Tagesarchiv: 21. Juni 2009

selbstbefragung (20) – emotionen

die fragebögen zur selbstbefragung versuche ich ab nun ein wenig unter rubriken zu bündeln. dieses mal geht es um „emotionen„. wie offen drücken sie ihre gefühle aus? beschreiben sie.

  • können sie auch negative gefühle zelebrieren?
  • würden sie sich eher als emotionaler oder als rationaler mensch bezeichnen?
  • welche bedeutung hat für sie ihr bauchgefühl? hören sie darauf oder nicht? begründen sie.
  • ab wann ist für sie ein mensch gefühllos?
  • wie gehen sie damit um, wenn ihnen gegenüber ein mensch sehr emotional wird?
  • welche ereignisse lösen bei ihnen die meisten emotionen aus?
  • haben sie es schon einmal erlebt, dass sie dachten, sie werden ihrer gefühle nicht mehr herr? beschreiben sie?
  • was bedeutet für sie, mitfühlend zu sein?
  • welche emotionen erscheinen ihnen negativ?

schreibidee (132)

der alltag aber auch die freizeit sollen für viele ein event sein. events wiederum benötigen geld, konsum und eine menge menschen. das bedeutet aber, dass events meist laut und voll sind. diesen eindruck hinterlässt der alltag manchmal. vielen fällt es schwer, zwischendurch einmal zur ruhe zu kommen, durchzuatmen und sich fallen zu lassen. jeder rückzug aus dem sozialen kontext erscheint bedrohlich, lässt schwere gedanken aufkommen und wird möglichst schnell beendet. diese schreibanregung soll ein gegengewicht schaffen. es werden „geschichten der stille“ geschrieben.
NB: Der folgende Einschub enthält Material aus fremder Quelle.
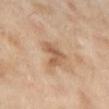Imaged during a routine full-body skin examination; the lesion was not biopsied and no histopathology is available.
A female subject, in their 70s.
An algorithmic analysis of the crop reported a lesion color around L≈59 a*≈19 b*≈33 in CIELAB and a lesion–skin lightness drop of about 10. The software also gave a within-lesion color-variation index near 3/10 and peripheral color asymmetry of about 1. The software also gave an automated nevus-likeness rating near 0 out of 100 and a lesion-detection confidence of about 100/100.
Cropped from a total-body skin-imaging series; the visible field is about 15 mm.
Longest diameter approximately 3 mm.
Located on the left lower leg.
This is a cross-polarized tile.
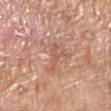automated_metrics:
  cielab_L: 57
  cielab_a: 23
  cielab_b: 30
  vs_skin_contrast_norm: 5.0
  border_irregularity_0_10: 8.5
  peripheral_color_asymmetry: 0.0
patient:
  sex: male
  age_approx: 80
lesion_size:
  long_diameter_mm_approx: 4.0
image:
  source: total-body photography crop
  field_of_view_mm: 15
site: left lower leg
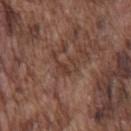workup: catalogued during a skin exam; not biopsied
tile lighting: white-light illumination
image source: ~15 mm crop, total-body skin-cancer survey
patient: male, in their mid- to late 70s
body site: the chest
TBP lesion metrics: a lesion area of about 4.5 mm², an outline eccentricity of about 0.75 (0 = round, 1 = elongated), and a shape-asymmetry score of about 0.7 (0 = symmetric); a border-irregularity rating of about 9/10, a color-variation rating of about 2/10, and peripheral color asymmetry of about 1; an automated nevus-likeness rating near 0 out of 100 and a lesion-detection confidence of about 85/100
lesion diameter: ≈3.5 mm
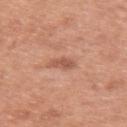The lesion was tiled from a total-body skin photograph and was not biopsied.
A 15 mm close-up tile from a total-body photography series done for melanoma screening.
A female patient, aged around 50.
The recorded lesion diameter is about 3 mm.
Automated image analysis of the tile measured a lesion area of about 3.5 mm², an eccentricity of roughly 0.85, and a shape-asymmetry score of about 0.2 (0 = symmetric). The software also gave border irregularity of about 2.5 on a 0–10 scale, a color-variation rating of about 1.5/10, and radial color variation of about 0.5. It also reported a nevus-likeness score of about 0/100.
The tile uses white-light illumination.
The lesion is on the right upper arm.
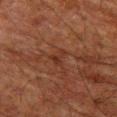Clinical impression: Recorded during total-body skin imaging; not selected for excision or biopsy. Background: The tile uses cross-polarized illumination. On the left thigh. The recorded lesion diameter is about 2.5 mm. A 15 mm crop from a total-body photograph taken for skin-cancer surveillance. The patient is a male aged 78 to 82.
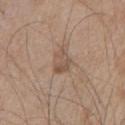Notes:
* body site — the chest
* image source — 15 mm crop, total-body photography
* subject — male, aged 63 to 67
* diameter — ~3 mm (longest diameter)
* lighting — white-light illumination
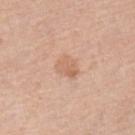Part of a total-body skin-imaging series; this lesion was reviewed on a skin check and was not flagged for biopsy. The patient is a female in their mid- to late 50s. Imaged with white-light lighting. A 15 mm close-up extracted from a 3D total-body photography capture. The lesion-visualizer software estimated a lesion area of about 5.5 mm², a shape eccentricity near 0.55, and a shape-asymmetry score of about 0.25 (0 = symmetric). The software also gave a border-irregularity rating of about 2/10, a color-variation rating of about 2.5/10, and a peripheral color-asymmetry measure near 1. The lesion is on the left lower leg. The recorded lesion diameter is about 3 mm.

der einstieg ist sehr einfach. man fordert die teilnehmerInnen der schreibgruppe auf, 10 minuten stille zu zelebrieren. dies bedeutet, es wird nicht geredet, es werden keine tätigkeiten ausgeübt, es wird versucht, keine geräusche zu machen. in dieser zeit können die teilnehmerInnen ihre gedanken schweifen lassen, sie notieren sich aber nichts.

erst nach den 10 minuten werden in 10 minuten freewriting die gedanken und eindrücke niedergeschrieben. anschließend können noch ein paar stichpunkte notiert werden. wenn dies geschehen ist, wäre es ideal, wenn man einen film zur hand hätte, der nichts anderes zeigt, als einen einsamen naturort (einen wald, eine küste, eine wiese oder anderes) mit den dazugehörigen geräuschen. das ist zwar meistens nicht still aber ruhig. während des zeigens werden auch keine notizen gemacht. nach dem film werden noch einmal zehn minuten freewriting durchgeführt und stichworte notiert.

erst jetzt ist es an der zeit, eine „geschichte der stille“ zu schreiben. es gibt keine weiteren vorgaben. anschließend werden die geschichten vorgelesen und im feedback sollte berücksichtigt werden, wie gut „stille“ oder „ruhe“ erfasst wurden. anschließen können vielleicht noch ein paar haikus verfasst werden. ideal kann diese schreibanregung natürlich umgesetzt werden, wenn die schreibgruppe schon an einem abgelegenen ort stattfindet. dann können die teilnehmerInnen anstatt einen film anzusehen, in die umgebung ausschwärmen und für sich einen ruhigen ort suchen, an dem sie allein ausharren.